However, if max-age (or corollary s-maxmag for public caches) is set, its value overrules Expires.
- The
Last-Modified header indicates when the asset last
changed — again, in GMT. As mentioned, this header is used very often to validate the contents of a cache.
Hence, for purposes of caching assets that PHP generates, you must set one or more of
the headers Cache-Control, Expires, or Last-Modified. (To learn why
you cannot control a cache sufficiently from HTML, see "Why the
meta-tag isn't enough.")
Building and installing Varnish
To watch the HTTP headers in action, let's build, install, and run an HTTP reverse
proxy to cache the output of a small PHP application. Varnish is a relatively new, but
very capable, high-performance HTTP reverse proxy. (To learn more, read about Varnish's
construction at the Varnish wiki (see Resources.) Varnish also
provides monitors and a complete scripting language, Varnish Configuration Language
(VCL), to fine-tune behaviors. For instance, the code snippet below directs Varnish to
cache certain file types that typically represent static content:
sub vcl_recv {
if (req.request == "GET" && req.url ~ "\.(gif|jpg|swf|css|js)$") {
lookup;
}
}
|
Like most open source packages, Varnish builds readily on several platforms, including
FreeBSD, Linux®, and Mac OS X. Varnish is also available in binary form for
several systems, if you prefer using a package manager, such as apt or port. This article is based on
Varnish V1.1.2, the latest release as of December 2007.
To begin, download the source code from the Varnish Web site (see Resources), unpack the compressed TAR file, and change to the newly
created varnish-1.1.2 directory. Next, run the scripts ./autogen.sh and ./configure, in
that order. (The assumptions of the ./configure script are usually reasonable. However,
to customize the build to suit the specifics of your system, type ./configure --help to see which options are tunable. For example, if
your system keeps locally built binaries in /opt/local rather than /usr/local, you'd
run ./configure --prefix=/opt/local.) Finally, type make && sudo make install.

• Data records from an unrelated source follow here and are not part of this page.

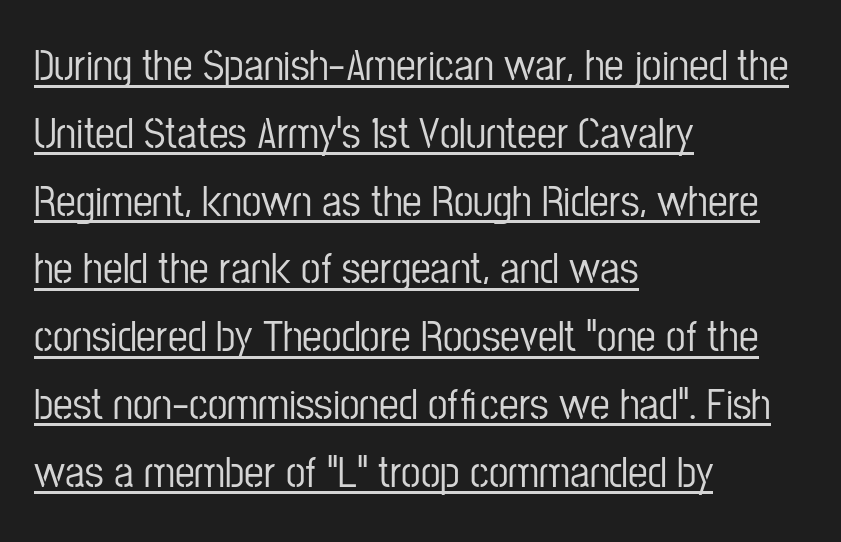
Q: Is the text italic (slanted)? A: No, it is upright.
Q: Is the typeface a serif or a sans-serif typeface? A: Sans-serif.
Q: Is the text underlined? A: Yes.
Q: How is the paragraph aligned? A: Left-aligned.
Q: Is the spacing between letters normal or unusually wide? A: Normal.
Q: Is the spacing between lines tight, normal or loose? A: Normal.
Q: Width (condensed, normal, or wide)? A: Condensed.
Q: Stroke contrast? A: Low.
Q: x-height? A: Medium.
Q: Monospaced? A: No.
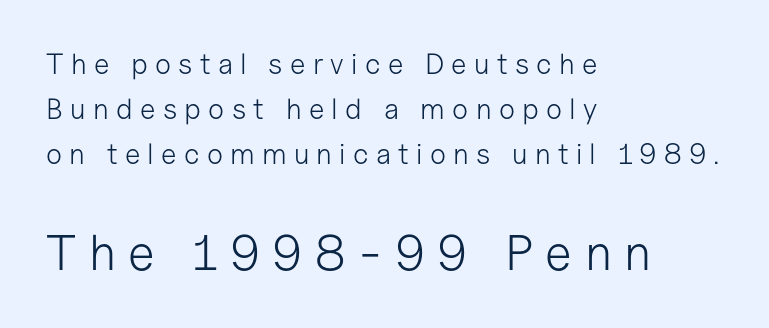
{"serif": "no", "italic": "no", "bold": "no", "weight": "light", "width": "normal", "stroke_contrast": "low", "x_height": "medium", "monospaced": "no", "underline": "no", "align": "left", "line_spacing": "normal", "line_spacing_ratio": 1.55, "letter_spacing": "wide", "letter_spacing_em": 0.25, "larger_block": "second", "size_ratio": 1.72, "glyph_px": 50}
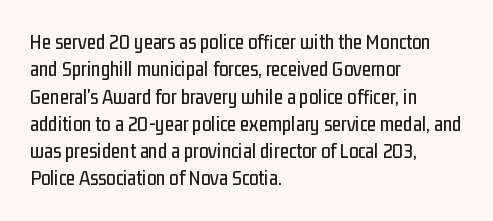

Listing 1. Building and installing
$ ./autogen.sh
+ aclocal
+ glibtoolize --copy --force
+ autoheader
+ automake --add-missing --copy --foreign
+ autoconf
$ ./configure
checking build system type... powerpc-apple-darwin9.1.0
checking host system type... powerpc-apple-darwin9.1.0
checking target system type... powerpc-apple-darwin9.1.0
checking for a BSD-compatible install... /usr/bin/install -c
checking whether build environment is sane... yes
...
config.status: config.h is unchanged
config.status: executing depfiles commands
$ make && sudo make install
...
/usr/bin/install -c .libs/varnishd /usr/local/sbin/varnishd
...
|
After two or three minutes of compiling C code, the build
process copies a handful of binaries to your local utilities directory. (Notice that
varnishd is copied to /usr/local/sbin by convention because it's a system utility.)
$ ls /usr/local/*bin/v*
/usr/local/bin/varnishadm /usr/local/bin/varnishreplay
/usr/local/bin/varnishhist /usr/local/bin/varnishstat
/usr/local/bin/varnishlog /usr/local/bin/varnishtop
/usr/local/bin/varnishncsa /usr/local/sbin/varnishd
|
The file varnishd, as its name implies, is the Varnish daemon — a perennial
service that caches and serves content from memory. The other utilities listed above
control and monitor the operation of varnishd. For instance, varnishstat continuously
feeds you Varnish statistics. The file varnishadm lets you send administrative commands to varnishd while it's running.
Out of the box, varnishd does not cache a response with a cookie, nor does it honor the
Cache-Control directives private
and no-cache. Luckily, a little VCL fixes the problem, as
shown in Listing 1. Code provided by Jean-François Bustarret (see Resources).
Listing 2. A fragment of VCL to conform with PHP
backend default {
set backend.host = "127.0.0.1";
set backend.port = "80";
}
sub vcl_recv {
if (req.request != "GET" && req.request != "HEAD") {
pipe;
}
if (req.http.Expect) {
pipe;
}
if (req.http.Authenticate) {
pass;
}
if (req.http.Cache-Control ~ "no-cache") {
pass;
}
lookup;
}
sub vcl_fetch {
if (!obj.valid) {
error;
}
if (!obj.cacheable) {
pass;
}
if (obj.http.Set-Cookie) {
pass;
}
if (obj.http.Pragma ~ "no-cache"
|| obj.http.Cache-Control ~ "no-cache"
|| obj.http.Cache-Control ~ "private") {
pass;
}
insert;
}
|
Let's march through the code:
- The section
backend default specifies which server to
connect to if no command-line option (-b hostname:port
) is given.
- The function
vcl_recv() is called when the daemon receives
a client request. Conversely, vcl_fetch() is called when the
requested object has been retrieved from the actual Web server or the request to the
Web server has failed. As written, vcl_fetch() also rejects
caching if either the Cache-Control or Pragma header is set to no-cache.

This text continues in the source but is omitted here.